Data items:
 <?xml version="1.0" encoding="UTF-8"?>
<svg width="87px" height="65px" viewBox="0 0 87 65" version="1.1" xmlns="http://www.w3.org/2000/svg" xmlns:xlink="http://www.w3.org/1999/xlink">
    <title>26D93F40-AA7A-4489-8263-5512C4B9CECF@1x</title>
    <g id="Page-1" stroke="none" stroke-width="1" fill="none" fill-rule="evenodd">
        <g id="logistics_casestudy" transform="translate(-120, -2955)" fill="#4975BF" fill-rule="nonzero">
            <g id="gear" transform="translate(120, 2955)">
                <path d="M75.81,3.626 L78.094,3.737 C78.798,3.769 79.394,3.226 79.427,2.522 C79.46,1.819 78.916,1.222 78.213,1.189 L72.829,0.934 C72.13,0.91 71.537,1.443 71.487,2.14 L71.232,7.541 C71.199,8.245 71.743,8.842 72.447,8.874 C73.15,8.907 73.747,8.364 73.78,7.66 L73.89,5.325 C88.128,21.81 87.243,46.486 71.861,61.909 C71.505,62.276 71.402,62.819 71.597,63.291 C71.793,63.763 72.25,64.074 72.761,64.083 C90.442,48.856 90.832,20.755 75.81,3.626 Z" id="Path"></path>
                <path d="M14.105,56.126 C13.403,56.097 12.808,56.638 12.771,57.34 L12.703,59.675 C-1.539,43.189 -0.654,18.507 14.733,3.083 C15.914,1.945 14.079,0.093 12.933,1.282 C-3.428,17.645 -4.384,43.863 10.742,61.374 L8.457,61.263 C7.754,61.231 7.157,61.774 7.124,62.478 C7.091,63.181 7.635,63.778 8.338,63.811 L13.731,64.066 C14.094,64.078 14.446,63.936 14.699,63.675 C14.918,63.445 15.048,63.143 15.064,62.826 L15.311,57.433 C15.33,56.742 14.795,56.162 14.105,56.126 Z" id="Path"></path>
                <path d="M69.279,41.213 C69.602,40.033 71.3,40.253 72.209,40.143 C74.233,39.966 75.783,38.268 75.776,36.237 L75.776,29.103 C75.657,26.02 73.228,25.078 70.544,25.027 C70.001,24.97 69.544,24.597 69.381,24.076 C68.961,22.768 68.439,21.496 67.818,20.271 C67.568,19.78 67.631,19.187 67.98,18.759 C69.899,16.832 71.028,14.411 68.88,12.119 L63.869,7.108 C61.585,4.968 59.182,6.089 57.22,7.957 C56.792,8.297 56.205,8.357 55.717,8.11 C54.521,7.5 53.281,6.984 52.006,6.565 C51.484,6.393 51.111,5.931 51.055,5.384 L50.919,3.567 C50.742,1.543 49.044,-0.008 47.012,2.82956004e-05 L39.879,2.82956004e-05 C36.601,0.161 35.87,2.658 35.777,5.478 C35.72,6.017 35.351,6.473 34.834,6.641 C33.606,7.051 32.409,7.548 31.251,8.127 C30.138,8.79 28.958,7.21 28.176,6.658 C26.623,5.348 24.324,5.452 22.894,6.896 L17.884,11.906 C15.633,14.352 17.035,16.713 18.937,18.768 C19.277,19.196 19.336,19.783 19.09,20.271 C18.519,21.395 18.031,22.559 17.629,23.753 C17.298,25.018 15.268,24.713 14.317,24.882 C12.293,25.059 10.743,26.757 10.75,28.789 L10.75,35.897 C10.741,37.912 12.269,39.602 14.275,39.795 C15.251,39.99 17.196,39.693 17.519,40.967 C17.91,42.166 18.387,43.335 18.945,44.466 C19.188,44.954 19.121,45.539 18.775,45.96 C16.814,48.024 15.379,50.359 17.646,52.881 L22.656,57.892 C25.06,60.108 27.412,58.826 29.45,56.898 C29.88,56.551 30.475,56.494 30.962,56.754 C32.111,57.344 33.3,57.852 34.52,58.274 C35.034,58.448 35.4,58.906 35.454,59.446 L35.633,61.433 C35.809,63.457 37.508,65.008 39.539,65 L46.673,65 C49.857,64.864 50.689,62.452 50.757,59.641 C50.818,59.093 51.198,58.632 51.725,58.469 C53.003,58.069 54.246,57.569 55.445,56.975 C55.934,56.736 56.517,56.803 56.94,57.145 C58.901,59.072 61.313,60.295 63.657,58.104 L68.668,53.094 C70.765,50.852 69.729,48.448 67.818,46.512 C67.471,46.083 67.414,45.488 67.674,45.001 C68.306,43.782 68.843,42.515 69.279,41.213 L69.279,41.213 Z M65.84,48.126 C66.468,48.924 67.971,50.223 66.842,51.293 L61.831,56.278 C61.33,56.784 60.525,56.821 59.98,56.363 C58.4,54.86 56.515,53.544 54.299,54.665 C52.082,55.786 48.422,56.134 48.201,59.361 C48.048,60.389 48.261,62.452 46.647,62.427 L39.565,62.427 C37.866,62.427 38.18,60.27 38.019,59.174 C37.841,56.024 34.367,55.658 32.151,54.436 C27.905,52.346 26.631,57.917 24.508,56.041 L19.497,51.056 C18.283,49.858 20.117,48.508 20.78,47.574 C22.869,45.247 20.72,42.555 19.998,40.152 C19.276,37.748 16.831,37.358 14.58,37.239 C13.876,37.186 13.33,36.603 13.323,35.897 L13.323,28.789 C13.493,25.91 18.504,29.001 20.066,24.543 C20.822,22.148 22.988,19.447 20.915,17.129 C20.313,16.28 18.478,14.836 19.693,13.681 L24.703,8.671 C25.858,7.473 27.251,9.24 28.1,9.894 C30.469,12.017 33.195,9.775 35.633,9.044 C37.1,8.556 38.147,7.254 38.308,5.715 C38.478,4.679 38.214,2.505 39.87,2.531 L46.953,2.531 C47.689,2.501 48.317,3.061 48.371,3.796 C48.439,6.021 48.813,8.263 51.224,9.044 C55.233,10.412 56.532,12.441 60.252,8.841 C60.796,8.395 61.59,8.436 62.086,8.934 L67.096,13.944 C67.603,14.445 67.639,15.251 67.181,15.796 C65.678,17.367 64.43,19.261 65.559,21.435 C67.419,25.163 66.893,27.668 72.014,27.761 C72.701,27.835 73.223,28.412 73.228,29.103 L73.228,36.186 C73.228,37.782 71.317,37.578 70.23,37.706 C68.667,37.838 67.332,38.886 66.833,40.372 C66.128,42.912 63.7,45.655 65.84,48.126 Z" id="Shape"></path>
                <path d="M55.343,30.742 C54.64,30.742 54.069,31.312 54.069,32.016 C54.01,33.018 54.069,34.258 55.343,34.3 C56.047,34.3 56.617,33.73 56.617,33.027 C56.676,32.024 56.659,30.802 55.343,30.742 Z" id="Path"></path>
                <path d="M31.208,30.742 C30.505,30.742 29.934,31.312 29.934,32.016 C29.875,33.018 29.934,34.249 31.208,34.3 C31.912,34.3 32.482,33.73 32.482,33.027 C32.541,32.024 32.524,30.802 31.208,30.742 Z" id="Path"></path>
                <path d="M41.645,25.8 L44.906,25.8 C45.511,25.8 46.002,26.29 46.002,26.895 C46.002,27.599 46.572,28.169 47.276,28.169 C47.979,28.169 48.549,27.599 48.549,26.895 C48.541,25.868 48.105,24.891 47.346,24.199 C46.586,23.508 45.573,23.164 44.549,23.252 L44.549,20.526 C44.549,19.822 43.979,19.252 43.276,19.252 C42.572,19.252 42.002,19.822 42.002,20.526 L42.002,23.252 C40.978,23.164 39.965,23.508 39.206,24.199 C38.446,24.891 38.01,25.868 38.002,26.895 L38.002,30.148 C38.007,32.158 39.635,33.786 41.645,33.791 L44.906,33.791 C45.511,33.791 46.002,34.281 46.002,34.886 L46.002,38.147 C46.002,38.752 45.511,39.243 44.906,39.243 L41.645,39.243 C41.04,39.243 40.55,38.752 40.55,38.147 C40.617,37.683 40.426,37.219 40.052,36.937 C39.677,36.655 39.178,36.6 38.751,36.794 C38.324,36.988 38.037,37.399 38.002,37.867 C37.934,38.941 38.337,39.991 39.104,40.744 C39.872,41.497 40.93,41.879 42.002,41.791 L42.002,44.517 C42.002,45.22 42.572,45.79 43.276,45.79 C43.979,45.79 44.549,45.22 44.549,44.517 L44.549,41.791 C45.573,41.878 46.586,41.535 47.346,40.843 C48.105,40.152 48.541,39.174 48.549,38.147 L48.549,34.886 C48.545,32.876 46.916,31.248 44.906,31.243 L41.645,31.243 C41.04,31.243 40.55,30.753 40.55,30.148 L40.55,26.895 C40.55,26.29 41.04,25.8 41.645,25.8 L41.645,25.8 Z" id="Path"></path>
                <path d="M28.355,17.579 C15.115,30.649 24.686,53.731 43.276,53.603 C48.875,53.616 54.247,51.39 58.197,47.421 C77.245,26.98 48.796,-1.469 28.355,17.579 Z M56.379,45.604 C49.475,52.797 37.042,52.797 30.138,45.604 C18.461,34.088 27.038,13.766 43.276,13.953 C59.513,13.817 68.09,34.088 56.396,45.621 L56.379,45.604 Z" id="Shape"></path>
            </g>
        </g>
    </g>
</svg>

- [Assigned task]
Every line above that has the string "version" needs to be copied.

- [Answer for the task]
 <?xml version="1.0" encoding="UTF-8"?>
<svg width="87px" height="65px" viewBox="0 0 87 65" version="1.1" xmlns="http://www.w3.org/2000/svg" xmlns:xlink="http://www.w3.org/1999/xlink">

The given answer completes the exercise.